Chapitre 1. La biologie et l’intégration des sciences chez Boulding : allié ou obstacle ?

En 1950, l’économiste Kenneth Boulding, alors qu’il venait d’être récompensé par la médaille John Bates Clark, publiait un ouvrage proposant de « reconstruire la science économique ». Les deux premiers chapitres développaient une vision « écologique » de l’économie, et Boulding développait ensuite une théorie de l’« homéostasie » de la firme, un concept qui pouvait surprendre ses lecteurs économistes.

Des années 30 au début des années 80, l’œuvre de Boulding a contribué à un contact interdisciplinaire étroit entre économie et biologie. Cette entreprise a été identifiée comme le développement d’analogies biologiques en économie (Daly, 1968 ; Sigüenza, 1982), l’expression d’un souci écologique (Krishnan, Harris et Goodwin, eds., 1995), une étape dans le développement de la théorie générale des systèmes (Hammond 2003), ou un aspect secondaire de son projet d’intégration des sciences sociales (Fontaine, 2006). Ces éclairages différents sur son œuvre posent la question de la logique commune à l’œuvre.

Nous suggérons que la variété des références de Boulding à la biologie et les contextes différents dans lesquels il les employait (depuis une théorie du conflit à l’analyse d’une population d’automobiles) avaient pour origine commune une conception organiciste de la connaissance – ce que nous appelons une métaphore intégratrice. Dès lors, son projet d’intégration des sciences sociales, d’élaboration d’une théorie générale des systèmes, et sa vision écologique de l’économie, apparaissent comme des facettes différentes d’un programme de recherche unique. La relation interdisciplinaire établie par Boulding entre économie et biologie était donc très forte, car elle était contenue dans une vision du monde préétablie qui en garantissait la grande cohérence.

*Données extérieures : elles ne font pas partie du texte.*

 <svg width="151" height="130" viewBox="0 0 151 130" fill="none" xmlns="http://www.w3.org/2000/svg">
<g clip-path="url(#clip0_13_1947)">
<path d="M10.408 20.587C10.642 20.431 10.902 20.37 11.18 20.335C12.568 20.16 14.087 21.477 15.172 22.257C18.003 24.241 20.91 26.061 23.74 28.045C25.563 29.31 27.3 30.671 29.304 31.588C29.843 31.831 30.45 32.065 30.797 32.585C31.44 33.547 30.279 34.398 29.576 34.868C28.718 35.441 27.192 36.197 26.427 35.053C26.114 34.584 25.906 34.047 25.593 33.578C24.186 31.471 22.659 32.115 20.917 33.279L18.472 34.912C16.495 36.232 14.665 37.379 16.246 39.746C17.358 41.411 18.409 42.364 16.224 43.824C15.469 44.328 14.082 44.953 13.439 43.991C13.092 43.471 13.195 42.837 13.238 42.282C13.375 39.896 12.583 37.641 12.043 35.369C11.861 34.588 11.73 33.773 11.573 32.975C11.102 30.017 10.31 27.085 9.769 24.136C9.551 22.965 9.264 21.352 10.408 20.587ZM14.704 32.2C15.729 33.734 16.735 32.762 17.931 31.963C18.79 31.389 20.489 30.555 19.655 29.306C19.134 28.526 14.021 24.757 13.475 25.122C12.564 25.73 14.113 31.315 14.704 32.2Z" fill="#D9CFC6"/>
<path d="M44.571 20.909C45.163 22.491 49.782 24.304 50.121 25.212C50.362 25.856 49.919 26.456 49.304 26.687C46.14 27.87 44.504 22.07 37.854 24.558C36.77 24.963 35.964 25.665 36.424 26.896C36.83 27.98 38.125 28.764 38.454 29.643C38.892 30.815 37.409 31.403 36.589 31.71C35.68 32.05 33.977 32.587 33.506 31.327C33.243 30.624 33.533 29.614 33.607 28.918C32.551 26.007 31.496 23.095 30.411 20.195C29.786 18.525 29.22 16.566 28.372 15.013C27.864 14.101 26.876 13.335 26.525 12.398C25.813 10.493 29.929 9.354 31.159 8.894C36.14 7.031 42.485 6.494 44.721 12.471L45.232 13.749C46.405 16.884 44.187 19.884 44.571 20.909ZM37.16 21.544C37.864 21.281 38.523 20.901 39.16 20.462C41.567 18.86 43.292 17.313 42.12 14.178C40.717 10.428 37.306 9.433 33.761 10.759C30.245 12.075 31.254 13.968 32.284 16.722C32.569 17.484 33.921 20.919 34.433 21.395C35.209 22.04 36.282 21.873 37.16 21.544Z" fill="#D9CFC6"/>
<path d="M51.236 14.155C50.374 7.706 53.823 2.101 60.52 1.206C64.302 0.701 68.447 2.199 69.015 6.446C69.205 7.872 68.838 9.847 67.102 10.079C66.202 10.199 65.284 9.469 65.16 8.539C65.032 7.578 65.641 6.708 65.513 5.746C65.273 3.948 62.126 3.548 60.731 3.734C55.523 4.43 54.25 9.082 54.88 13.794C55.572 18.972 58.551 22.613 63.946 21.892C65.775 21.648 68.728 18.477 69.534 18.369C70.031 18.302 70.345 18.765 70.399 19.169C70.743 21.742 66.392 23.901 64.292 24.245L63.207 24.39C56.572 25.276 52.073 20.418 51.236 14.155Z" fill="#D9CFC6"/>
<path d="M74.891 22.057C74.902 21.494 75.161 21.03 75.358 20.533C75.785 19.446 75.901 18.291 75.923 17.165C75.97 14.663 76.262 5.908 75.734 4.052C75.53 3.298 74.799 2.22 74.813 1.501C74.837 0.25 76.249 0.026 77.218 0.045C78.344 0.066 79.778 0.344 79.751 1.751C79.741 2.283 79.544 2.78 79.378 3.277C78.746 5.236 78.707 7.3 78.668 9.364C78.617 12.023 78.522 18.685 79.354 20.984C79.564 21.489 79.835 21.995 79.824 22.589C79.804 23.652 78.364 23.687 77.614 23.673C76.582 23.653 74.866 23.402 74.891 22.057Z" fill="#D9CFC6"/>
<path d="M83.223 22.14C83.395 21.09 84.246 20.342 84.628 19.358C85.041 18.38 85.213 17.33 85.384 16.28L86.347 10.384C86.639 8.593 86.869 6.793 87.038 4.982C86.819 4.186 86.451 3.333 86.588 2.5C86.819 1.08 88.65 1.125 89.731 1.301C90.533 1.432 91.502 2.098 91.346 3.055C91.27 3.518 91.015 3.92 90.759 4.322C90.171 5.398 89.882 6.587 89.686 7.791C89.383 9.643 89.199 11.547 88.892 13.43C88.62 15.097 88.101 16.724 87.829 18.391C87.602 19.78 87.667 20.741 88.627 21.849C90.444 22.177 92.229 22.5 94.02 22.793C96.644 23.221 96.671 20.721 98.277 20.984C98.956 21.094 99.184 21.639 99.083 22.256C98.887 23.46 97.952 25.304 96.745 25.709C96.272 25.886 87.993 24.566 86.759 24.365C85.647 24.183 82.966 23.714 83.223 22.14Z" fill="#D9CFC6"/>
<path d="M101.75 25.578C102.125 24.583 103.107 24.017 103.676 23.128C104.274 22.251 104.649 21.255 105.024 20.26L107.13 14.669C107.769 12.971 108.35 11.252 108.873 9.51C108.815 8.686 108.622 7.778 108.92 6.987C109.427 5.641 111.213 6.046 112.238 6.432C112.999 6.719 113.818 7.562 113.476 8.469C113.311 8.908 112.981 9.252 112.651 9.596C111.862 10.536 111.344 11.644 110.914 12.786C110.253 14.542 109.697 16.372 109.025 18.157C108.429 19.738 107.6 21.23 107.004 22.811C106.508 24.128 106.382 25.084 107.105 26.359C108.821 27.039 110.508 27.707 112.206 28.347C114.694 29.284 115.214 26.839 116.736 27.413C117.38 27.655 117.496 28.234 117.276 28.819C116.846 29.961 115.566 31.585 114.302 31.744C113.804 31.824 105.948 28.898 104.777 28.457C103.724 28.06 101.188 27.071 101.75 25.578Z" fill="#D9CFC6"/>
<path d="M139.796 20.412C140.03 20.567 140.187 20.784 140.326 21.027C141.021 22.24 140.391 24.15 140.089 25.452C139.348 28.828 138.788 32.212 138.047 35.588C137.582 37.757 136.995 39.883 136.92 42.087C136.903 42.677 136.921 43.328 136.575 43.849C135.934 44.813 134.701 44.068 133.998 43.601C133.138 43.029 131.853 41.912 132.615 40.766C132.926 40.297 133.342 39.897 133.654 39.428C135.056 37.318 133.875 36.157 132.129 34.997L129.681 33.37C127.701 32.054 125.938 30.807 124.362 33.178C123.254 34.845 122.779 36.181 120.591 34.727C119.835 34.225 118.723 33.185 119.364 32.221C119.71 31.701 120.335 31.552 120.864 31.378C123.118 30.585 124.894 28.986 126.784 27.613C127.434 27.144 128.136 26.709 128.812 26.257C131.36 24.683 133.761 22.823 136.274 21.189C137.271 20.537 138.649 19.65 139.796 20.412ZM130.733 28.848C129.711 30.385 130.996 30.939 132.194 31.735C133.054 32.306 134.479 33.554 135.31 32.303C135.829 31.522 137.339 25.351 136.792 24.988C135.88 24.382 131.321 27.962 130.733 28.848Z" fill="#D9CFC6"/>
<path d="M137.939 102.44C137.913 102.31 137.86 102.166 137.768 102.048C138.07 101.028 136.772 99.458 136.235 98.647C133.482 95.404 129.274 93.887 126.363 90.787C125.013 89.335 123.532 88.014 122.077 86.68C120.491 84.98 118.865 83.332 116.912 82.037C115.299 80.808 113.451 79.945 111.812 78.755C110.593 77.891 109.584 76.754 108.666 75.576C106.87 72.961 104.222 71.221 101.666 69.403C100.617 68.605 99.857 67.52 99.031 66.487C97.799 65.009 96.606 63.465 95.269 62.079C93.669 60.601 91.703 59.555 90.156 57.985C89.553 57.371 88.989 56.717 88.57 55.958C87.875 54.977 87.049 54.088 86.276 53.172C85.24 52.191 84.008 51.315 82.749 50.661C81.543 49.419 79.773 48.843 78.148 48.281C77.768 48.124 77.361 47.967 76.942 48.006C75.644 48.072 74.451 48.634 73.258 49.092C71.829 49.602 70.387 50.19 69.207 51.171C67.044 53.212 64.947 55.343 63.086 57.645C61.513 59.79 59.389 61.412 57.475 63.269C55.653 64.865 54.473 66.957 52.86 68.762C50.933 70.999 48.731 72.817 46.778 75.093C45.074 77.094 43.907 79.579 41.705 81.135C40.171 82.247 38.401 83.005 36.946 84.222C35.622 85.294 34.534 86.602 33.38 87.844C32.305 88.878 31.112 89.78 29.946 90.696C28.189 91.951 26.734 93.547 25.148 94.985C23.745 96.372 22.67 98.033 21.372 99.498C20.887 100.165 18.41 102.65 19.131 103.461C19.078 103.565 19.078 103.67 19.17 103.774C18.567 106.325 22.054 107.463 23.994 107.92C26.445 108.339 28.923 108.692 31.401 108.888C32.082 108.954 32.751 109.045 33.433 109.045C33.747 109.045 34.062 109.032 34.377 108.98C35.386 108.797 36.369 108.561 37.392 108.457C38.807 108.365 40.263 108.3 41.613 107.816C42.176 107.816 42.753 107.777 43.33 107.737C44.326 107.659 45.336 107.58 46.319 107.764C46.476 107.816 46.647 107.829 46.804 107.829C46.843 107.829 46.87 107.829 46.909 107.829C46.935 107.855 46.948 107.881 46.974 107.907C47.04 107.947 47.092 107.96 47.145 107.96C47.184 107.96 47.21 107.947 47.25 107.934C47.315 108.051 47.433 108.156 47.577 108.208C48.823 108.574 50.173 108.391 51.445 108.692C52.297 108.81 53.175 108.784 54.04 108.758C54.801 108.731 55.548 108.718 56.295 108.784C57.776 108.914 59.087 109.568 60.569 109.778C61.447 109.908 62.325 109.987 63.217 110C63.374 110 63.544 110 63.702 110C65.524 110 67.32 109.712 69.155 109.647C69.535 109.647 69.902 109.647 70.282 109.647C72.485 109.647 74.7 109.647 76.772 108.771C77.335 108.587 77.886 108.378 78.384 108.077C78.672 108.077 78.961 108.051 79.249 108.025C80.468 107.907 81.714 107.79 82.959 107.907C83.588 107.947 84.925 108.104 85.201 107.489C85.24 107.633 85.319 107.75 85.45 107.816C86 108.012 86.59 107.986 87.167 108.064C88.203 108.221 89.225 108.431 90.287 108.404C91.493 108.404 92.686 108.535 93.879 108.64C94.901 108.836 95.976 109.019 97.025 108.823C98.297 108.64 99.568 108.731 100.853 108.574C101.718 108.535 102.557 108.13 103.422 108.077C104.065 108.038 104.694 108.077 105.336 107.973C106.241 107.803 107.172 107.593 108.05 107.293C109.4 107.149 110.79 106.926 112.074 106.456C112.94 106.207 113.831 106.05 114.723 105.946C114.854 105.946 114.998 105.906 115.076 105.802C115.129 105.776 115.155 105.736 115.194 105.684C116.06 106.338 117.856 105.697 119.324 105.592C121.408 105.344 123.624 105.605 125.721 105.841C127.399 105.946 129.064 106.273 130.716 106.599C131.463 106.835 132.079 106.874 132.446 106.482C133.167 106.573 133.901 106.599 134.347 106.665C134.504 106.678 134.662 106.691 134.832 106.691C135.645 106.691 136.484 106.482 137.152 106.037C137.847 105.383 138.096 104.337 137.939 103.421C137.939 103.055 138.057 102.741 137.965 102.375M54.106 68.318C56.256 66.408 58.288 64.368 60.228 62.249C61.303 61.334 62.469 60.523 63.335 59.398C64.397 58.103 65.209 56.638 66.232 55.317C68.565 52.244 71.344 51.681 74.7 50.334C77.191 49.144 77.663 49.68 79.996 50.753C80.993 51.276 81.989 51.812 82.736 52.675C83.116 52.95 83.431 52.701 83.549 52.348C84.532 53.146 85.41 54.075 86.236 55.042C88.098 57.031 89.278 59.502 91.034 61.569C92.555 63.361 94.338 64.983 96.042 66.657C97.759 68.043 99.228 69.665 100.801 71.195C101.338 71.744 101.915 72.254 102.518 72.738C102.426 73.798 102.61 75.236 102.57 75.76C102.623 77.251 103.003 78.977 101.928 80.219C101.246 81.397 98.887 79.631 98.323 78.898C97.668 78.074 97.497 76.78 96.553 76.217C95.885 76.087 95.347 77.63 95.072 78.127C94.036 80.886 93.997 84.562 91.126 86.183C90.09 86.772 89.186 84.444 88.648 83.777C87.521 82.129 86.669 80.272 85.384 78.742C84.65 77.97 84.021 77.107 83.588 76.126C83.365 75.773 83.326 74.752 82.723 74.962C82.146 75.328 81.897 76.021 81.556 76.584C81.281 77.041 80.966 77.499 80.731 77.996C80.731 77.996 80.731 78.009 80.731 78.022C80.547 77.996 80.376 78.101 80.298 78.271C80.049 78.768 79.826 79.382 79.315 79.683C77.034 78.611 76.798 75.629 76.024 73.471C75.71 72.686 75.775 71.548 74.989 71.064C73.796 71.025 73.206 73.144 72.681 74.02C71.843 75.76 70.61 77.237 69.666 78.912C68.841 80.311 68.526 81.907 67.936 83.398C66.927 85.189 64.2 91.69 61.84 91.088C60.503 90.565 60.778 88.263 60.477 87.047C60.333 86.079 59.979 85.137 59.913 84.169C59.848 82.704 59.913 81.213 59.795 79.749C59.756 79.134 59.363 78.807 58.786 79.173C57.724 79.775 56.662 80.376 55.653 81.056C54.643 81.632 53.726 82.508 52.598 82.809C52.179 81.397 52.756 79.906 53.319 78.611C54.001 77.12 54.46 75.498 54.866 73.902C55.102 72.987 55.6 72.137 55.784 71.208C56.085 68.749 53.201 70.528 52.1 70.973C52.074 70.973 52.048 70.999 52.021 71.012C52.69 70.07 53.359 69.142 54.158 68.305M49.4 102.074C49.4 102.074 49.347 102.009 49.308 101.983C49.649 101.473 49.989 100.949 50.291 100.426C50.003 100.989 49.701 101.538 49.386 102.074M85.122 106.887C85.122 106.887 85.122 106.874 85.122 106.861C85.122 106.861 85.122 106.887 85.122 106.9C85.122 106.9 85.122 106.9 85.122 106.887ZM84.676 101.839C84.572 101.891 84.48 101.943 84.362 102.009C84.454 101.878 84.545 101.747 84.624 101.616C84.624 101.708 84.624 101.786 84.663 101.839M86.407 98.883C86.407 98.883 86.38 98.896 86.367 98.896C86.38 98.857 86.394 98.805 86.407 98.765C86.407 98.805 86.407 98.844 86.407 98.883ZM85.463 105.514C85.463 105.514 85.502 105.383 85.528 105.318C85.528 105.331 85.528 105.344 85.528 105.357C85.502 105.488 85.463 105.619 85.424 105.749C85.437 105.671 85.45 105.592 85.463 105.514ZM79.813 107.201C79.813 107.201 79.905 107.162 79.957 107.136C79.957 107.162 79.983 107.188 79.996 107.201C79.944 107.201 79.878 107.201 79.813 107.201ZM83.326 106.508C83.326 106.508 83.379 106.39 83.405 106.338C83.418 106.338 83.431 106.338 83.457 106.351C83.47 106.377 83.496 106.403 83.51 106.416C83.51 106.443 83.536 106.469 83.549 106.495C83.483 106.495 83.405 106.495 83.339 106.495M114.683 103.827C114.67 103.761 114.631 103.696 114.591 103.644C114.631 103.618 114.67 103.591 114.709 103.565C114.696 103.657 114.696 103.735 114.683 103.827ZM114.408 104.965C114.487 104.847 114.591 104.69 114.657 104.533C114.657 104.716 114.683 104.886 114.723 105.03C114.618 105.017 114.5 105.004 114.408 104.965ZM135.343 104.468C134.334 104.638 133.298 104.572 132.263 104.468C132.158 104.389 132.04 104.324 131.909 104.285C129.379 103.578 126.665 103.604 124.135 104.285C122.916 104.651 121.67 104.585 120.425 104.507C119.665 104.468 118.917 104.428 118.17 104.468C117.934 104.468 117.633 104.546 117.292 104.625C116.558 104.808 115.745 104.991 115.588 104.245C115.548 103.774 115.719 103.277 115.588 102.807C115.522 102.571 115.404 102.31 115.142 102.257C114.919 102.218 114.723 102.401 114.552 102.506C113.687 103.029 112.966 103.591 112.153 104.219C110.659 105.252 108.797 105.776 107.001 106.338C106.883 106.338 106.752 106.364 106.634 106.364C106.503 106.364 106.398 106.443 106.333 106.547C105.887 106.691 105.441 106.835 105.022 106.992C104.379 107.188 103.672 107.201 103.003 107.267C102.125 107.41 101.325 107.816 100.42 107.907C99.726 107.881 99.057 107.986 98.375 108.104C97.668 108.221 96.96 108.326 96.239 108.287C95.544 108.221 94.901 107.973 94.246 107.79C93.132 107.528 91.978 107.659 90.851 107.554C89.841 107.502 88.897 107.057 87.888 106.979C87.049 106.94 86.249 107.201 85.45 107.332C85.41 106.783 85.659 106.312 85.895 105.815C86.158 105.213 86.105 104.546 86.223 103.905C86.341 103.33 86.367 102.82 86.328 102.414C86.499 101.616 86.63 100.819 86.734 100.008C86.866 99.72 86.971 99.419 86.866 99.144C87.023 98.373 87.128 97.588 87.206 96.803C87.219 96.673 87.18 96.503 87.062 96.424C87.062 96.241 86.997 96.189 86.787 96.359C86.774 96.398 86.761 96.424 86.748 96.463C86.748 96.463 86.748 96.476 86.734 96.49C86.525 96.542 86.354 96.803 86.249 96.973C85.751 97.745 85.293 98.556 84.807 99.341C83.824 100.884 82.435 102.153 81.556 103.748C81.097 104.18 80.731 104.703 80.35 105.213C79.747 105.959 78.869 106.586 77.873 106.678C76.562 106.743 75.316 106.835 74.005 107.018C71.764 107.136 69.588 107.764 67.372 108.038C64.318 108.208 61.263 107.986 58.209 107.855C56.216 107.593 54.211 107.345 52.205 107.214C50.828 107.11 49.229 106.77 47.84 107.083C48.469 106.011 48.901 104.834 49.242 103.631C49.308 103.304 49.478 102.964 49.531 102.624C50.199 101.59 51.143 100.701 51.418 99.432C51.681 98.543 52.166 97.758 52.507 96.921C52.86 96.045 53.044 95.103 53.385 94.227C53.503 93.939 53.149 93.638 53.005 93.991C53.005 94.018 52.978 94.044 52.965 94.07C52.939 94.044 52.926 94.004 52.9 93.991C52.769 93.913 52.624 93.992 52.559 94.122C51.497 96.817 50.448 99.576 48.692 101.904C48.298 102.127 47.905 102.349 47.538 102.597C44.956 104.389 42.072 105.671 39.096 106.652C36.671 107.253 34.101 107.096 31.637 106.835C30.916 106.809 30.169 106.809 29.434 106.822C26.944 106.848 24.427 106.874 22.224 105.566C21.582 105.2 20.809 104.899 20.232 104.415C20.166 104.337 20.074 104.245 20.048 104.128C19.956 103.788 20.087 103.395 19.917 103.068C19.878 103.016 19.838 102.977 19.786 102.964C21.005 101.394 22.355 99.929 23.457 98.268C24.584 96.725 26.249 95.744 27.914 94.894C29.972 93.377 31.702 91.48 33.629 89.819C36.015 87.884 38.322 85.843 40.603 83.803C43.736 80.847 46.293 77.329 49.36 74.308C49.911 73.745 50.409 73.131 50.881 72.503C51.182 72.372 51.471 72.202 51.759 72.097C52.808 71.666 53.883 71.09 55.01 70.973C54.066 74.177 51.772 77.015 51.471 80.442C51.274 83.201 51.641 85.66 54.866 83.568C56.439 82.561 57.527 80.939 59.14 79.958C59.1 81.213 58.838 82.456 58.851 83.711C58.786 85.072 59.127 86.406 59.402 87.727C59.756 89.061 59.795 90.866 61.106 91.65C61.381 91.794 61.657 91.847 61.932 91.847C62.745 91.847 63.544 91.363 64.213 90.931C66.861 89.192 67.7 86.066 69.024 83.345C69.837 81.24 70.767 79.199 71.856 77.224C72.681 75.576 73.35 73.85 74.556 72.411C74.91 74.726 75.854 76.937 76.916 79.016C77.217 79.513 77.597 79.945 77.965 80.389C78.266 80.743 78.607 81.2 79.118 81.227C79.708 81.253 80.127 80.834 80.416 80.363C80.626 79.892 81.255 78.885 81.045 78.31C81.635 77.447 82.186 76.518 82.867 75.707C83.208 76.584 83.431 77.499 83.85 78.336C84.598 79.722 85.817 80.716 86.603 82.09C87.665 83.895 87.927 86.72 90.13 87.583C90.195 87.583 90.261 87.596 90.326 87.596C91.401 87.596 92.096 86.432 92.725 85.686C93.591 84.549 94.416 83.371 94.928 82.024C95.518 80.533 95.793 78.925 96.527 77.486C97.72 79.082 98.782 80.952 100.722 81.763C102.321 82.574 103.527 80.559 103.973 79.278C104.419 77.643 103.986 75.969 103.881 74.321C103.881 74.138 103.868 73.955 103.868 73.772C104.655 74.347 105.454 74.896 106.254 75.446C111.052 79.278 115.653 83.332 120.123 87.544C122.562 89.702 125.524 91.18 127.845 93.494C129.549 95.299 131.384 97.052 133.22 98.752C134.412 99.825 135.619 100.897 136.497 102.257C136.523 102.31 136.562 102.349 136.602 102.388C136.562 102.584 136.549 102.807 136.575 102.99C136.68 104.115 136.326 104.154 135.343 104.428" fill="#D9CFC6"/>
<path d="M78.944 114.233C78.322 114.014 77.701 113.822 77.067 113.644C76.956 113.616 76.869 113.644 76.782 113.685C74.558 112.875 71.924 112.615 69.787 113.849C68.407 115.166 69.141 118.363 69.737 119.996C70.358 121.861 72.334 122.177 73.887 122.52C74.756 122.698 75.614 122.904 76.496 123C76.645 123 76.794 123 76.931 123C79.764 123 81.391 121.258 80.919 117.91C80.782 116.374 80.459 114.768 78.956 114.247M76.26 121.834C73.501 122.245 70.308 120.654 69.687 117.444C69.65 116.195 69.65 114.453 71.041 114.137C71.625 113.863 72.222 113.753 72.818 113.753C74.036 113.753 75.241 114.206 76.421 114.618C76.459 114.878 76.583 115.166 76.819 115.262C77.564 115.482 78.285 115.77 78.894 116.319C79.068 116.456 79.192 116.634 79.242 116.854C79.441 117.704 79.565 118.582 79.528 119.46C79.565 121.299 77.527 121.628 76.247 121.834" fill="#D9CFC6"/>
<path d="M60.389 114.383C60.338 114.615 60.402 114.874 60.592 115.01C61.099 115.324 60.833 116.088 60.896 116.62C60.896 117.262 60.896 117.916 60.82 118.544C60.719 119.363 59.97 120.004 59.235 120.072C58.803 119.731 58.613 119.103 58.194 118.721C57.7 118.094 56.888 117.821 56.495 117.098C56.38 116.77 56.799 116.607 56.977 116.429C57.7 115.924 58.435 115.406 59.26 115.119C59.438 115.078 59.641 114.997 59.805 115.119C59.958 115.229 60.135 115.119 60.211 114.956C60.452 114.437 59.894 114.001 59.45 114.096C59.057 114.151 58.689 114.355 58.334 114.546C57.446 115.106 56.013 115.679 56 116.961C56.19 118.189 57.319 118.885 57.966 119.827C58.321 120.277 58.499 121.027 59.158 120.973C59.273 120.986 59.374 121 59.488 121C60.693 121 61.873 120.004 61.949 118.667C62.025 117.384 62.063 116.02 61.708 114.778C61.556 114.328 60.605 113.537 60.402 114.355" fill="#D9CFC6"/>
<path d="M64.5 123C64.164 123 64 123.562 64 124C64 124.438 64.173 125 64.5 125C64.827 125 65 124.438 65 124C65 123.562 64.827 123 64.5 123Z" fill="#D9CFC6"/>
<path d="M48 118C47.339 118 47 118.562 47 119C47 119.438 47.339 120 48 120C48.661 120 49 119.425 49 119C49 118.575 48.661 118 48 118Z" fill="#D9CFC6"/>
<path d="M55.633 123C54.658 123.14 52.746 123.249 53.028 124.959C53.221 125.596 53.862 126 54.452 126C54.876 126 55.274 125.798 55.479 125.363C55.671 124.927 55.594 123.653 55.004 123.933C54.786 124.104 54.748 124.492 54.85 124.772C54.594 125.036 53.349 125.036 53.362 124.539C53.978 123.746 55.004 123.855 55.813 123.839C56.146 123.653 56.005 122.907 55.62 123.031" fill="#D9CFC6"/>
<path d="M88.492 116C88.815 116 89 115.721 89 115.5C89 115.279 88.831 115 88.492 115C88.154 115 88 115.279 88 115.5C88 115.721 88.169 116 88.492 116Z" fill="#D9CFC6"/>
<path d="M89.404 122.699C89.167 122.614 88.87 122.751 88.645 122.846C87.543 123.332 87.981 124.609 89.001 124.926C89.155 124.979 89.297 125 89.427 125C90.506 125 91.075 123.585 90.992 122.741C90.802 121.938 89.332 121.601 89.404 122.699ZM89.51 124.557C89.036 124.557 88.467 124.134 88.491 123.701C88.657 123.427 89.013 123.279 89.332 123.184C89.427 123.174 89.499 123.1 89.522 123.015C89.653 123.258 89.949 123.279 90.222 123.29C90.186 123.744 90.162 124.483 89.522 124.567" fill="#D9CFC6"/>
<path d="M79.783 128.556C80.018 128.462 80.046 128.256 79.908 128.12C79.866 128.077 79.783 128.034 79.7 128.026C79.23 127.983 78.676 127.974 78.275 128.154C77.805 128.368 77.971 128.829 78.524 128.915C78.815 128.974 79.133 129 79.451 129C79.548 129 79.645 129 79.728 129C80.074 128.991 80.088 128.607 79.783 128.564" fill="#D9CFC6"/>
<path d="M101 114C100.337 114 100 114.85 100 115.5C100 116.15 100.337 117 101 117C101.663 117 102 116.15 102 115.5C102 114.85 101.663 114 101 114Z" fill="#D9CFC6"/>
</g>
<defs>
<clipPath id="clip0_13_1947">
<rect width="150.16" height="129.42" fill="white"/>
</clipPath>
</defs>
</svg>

Si la logique interne du projet interdisciplinaire de Boulding était assurée a priori, la réalisation du projet lui‑même était menacée pour deux raisons : d’une part, certaines analogies biologiques pouvaient être mises au service de visions conflictuelles de la société, ce qui établissait une contradiction directe et gênante avec la portée intégratrice que Boulding y trouvait ; d’autre part, l’évolutionnisme à la Boulding, celui de Teilhard de Chardin, prenait un caractère téléologique décidément obsolète au tournant des années 80.